O livro, originalmente, é uma seleção de poesias de Portinari feita pelo poeta Manuel Bandeira e publicado em 65, quase no final da vida do pintor.
Segundo João Candido, o acerto foi feito apenas verbalmente. "O martelo foi batido no 'estilo bicheiro', só na palavra", diz.
A reedição de "O Menino..." terá um atrativo a mais: será ilustrado com obras do artista paulista.
A primeira edição da compilação não tem ilustrações. Portinari teria se negado a usar seu prestígio como pintor para promover o poeta.
"Essa postura revela toda a ética que Portinari tinha em relação à sua arte, mas, agora, a razão da oposição não existe mais. O que prevalece é o interesse histórico", afirma João Candido.
Os poemas contidos no livro foram criados no final da década de 50 e no início da década de 60.
Diário
A inserção de Portinari na literatura, porém, não significou o abandono das artes plásticas.
No caso do pintor de Brodósqui, as duas artes se comunicavam e se completavam.
"A poesia de Portinari era uma espécie de expressão verbal da obra plástica", diz João Candido.
Em um trecho do livro ele diz: "Quanta coisa eu contaria se eu soubesse da língua o que sei das cores".
Em outro trecho ele recorre a um tema frequente em suas telas, o caminho dos imigrantes: "Saí da água do mar e nasci no cafezal da terra roxa".
O método de trabalho é uma prova da convivência harmoniosa que as duas linguagens encontravam em Portinari.

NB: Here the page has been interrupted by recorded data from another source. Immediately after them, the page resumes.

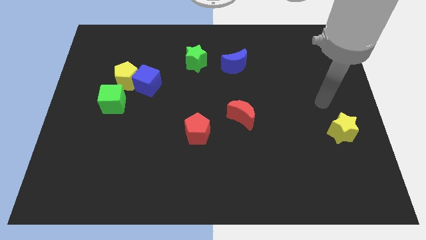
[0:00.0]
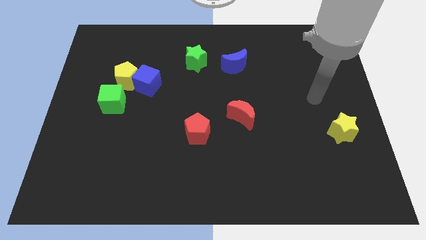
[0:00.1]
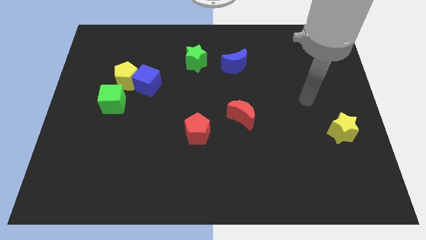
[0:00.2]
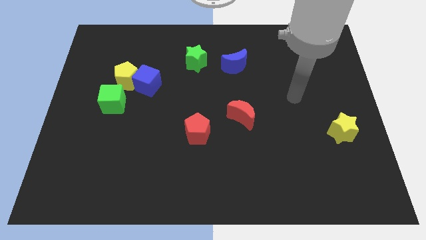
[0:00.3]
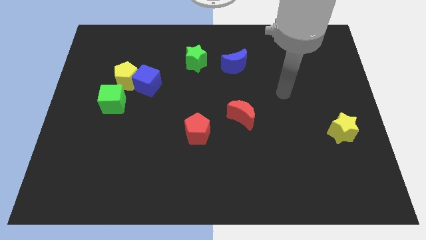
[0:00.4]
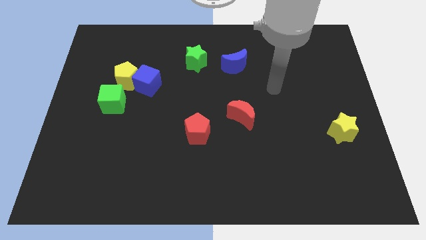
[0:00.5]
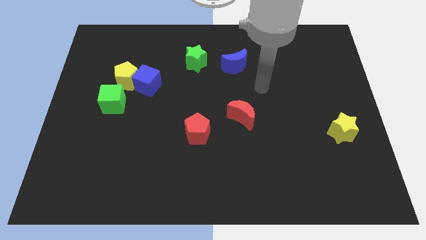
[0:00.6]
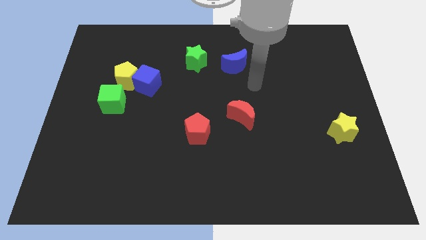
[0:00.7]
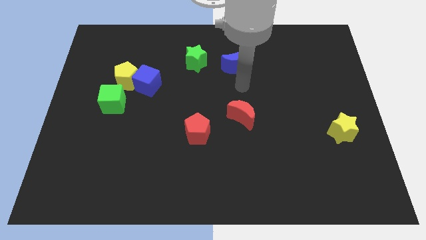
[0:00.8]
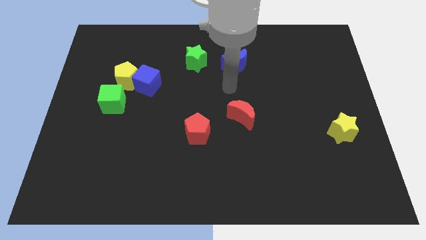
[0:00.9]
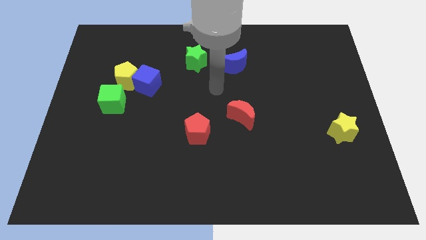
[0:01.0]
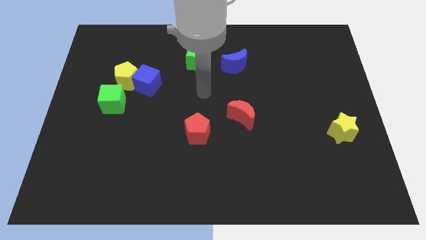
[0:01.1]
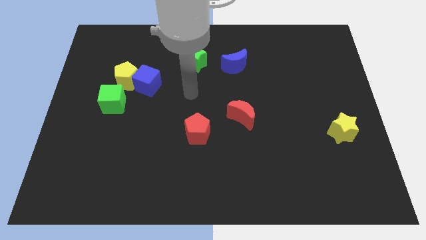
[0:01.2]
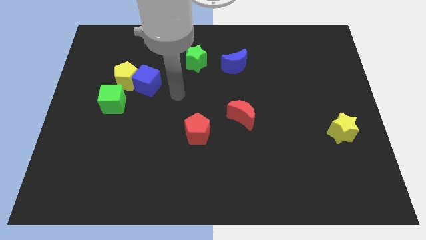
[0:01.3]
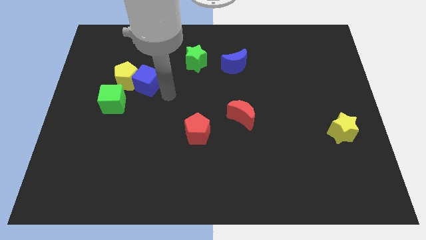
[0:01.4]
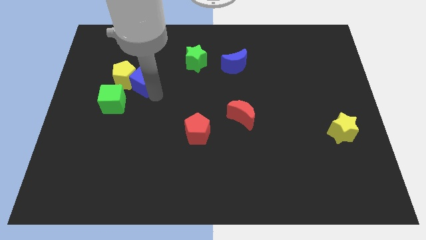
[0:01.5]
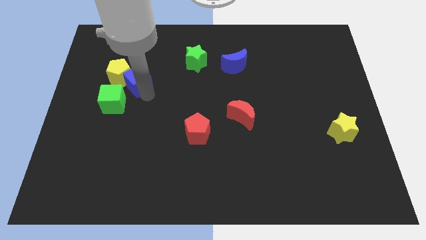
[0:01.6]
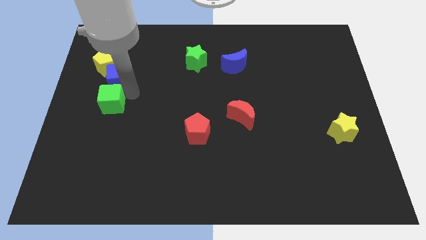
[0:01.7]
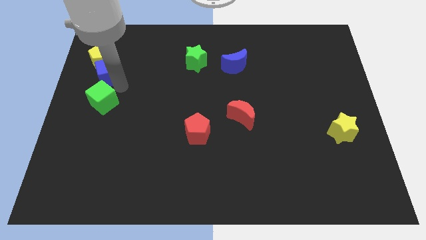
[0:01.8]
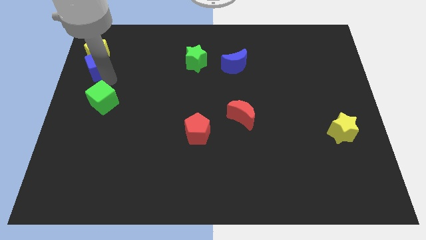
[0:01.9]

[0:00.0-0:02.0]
move the yellow pentagon away from the blue cube and green cube

Ele pintava quando amanhecia até não ter mais luz natural. Antônio Callado dizia que ele fazia com a pintura o que os pais dele faziam com a lavoura de café.

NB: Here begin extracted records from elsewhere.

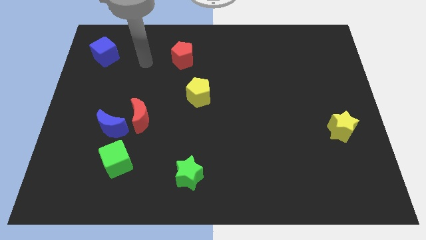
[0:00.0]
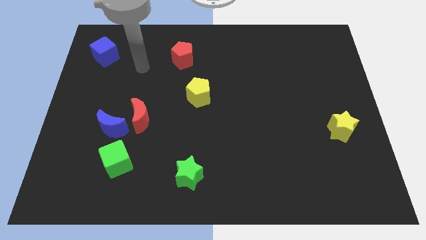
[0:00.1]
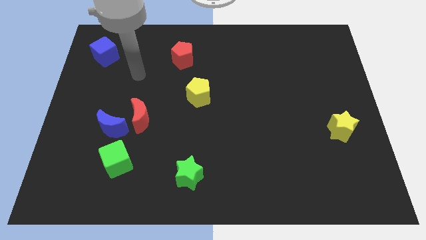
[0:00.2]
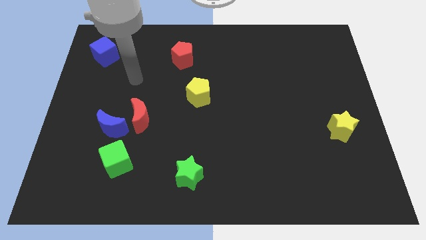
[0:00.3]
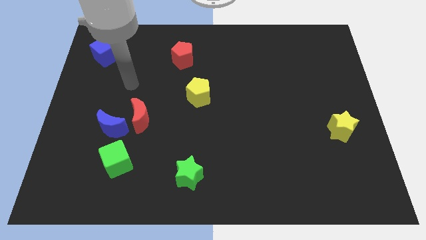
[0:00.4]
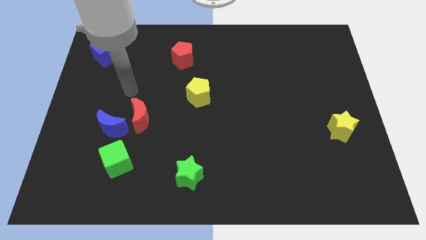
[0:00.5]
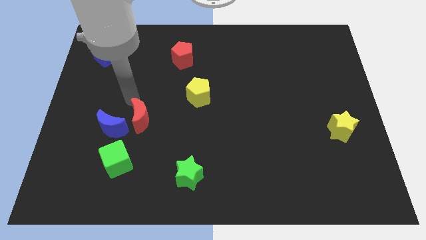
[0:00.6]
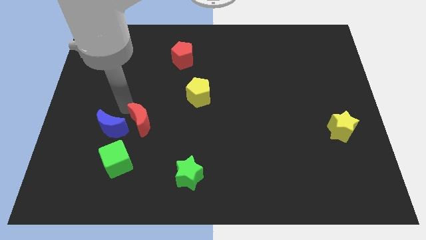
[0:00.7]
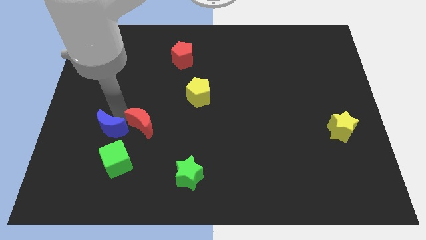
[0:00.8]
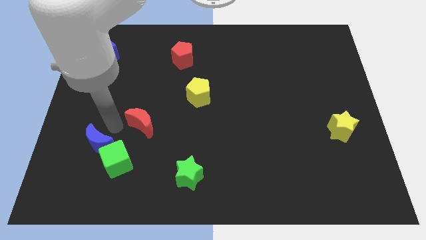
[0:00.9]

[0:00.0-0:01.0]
separate the red moon from the blue moon

"Ele era um homem para quem o pincel era uma enxada com a qual ele lavrava sua plantação de quadros de sol a sol", dizia Callado.
No fim da vida, quando acabava o dia, ele se dedicava à poesia. Aquilo correspondia a uma necessidade interna de resgatar a infância em Brodósqui e também marca uma grande melancolia na vida do pintor, a partir dos anos 50.

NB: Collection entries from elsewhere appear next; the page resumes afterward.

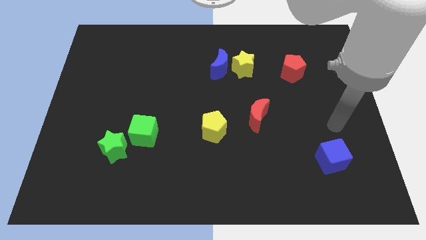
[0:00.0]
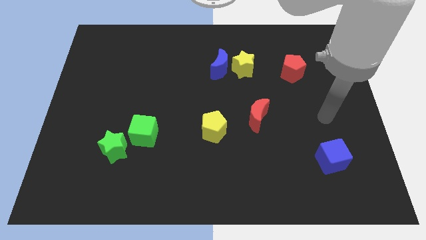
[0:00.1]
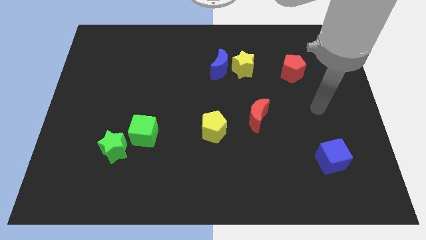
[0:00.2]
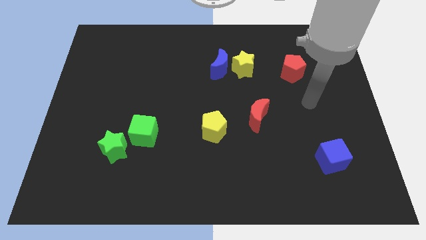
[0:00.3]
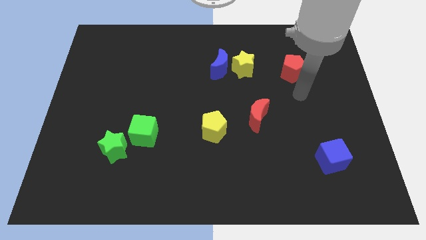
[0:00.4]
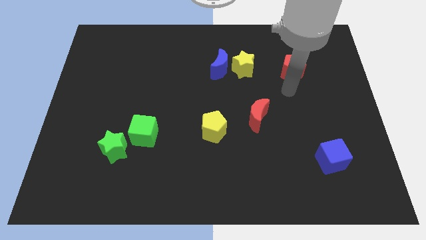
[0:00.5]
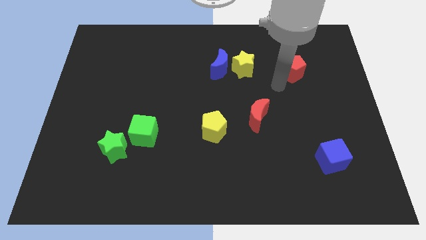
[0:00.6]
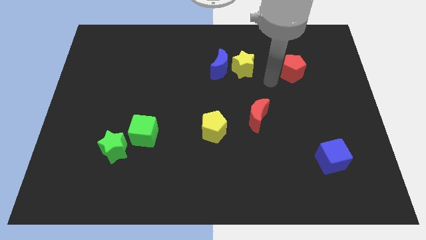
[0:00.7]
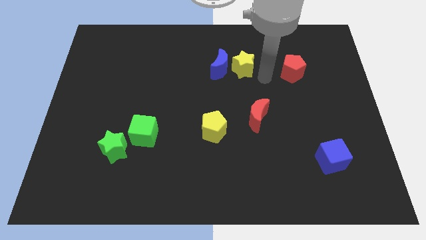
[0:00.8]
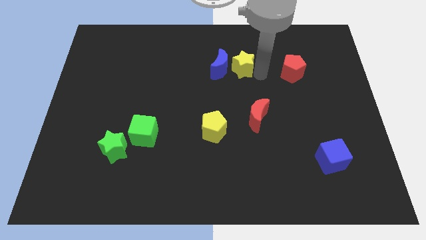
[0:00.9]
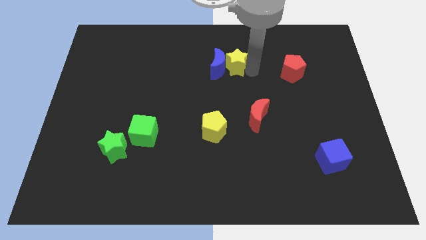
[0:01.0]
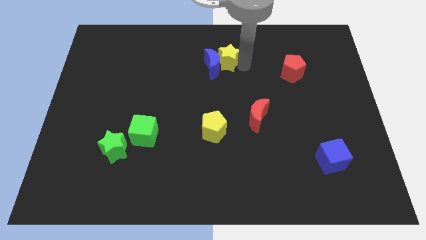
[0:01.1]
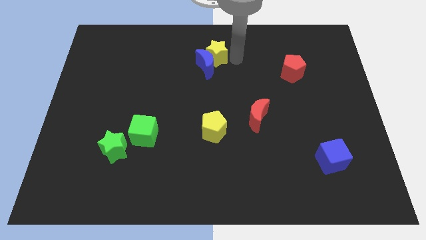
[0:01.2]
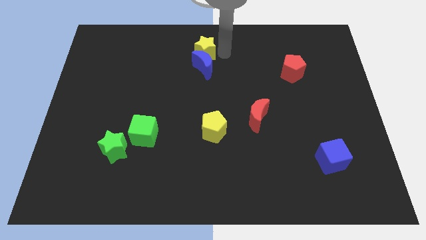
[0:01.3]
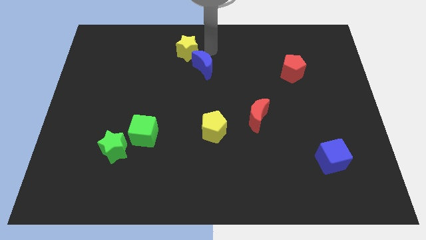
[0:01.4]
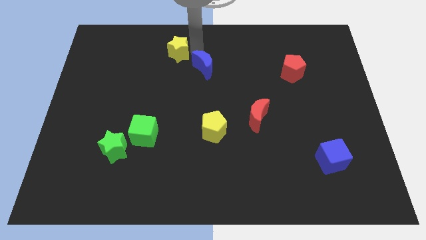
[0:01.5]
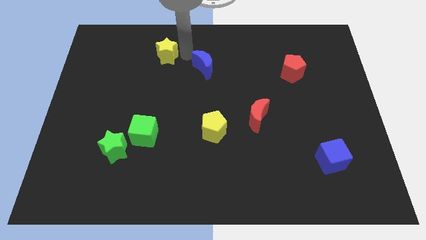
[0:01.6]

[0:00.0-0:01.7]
move the blue moon away from the yellow star

"Há um momento em que a pintura de Portinari fica mais clara. É justamente quando ele começa a fazer poesia. Ele trabalha praticamente com rosas, azuis e amarelos, três cores primárias, e começa a fazer uma divisão de espaço diferente, tornando suas telas mais claras e iluminadas", diz Cristina Penna, curadora da exposição do Masp.
Essa fase teria sido influenciada pelo pintor francês Jacques Vignon, irmão do poeta Francois Vignon.
Outro motivo que teria "empurrado" Portinari para a literatura é o desprezo da crítica e da opinião pública, no final dos anos 50, pelos figurativos, em razão da chegada da arte abstrata.